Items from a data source
-*-

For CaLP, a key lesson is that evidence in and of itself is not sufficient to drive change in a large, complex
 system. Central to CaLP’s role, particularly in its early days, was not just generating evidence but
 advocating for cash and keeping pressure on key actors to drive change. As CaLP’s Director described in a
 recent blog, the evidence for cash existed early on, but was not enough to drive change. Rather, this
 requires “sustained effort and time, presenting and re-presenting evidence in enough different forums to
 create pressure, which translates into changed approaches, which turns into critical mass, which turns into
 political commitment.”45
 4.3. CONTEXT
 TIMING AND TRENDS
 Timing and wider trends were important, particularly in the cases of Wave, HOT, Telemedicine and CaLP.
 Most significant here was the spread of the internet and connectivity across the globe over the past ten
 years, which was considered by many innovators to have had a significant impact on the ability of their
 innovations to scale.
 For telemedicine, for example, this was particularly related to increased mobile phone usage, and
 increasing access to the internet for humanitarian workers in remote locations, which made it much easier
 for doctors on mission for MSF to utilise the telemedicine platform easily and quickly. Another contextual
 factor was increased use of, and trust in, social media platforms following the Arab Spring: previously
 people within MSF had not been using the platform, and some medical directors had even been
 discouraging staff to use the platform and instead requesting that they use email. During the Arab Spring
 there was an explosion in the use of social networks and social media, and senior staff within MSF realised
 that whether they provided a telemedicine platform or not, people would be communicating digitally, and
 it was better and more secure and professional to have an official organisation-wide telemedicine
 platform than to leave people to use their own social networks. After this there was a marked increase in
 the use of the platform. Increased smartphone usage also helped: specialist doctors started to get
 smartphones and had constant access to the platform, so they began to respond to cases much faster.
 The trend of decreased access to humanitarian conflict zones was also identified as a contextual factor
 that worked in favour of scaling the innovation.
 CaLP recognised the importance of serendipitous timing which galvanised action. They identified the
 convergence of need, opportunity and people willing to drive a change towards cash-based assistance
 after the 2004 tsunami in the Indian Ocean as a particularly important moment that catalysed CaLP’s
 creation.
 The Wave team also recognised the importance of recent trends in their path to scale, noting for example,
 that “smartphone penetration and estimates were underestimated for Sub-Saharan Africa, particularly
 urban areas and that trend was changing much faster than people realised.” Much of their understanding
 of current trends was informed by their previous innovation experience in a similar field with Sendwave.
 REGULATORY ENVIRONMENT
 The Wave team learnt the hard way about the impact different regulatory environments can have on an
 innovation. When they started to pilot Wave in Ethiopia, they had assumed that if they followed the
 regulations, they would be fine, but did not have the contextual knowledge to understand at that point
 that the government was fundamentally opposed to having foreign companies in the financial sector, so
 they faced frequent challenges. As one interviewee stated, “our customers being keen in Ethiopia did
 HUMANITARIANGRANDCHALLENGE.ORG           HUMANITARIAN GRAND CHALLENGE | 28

-*-

■ WORK ORDER ■
How many lines in the data contain "identified"? Answer with the number alone.

■ RESPONSE ■
2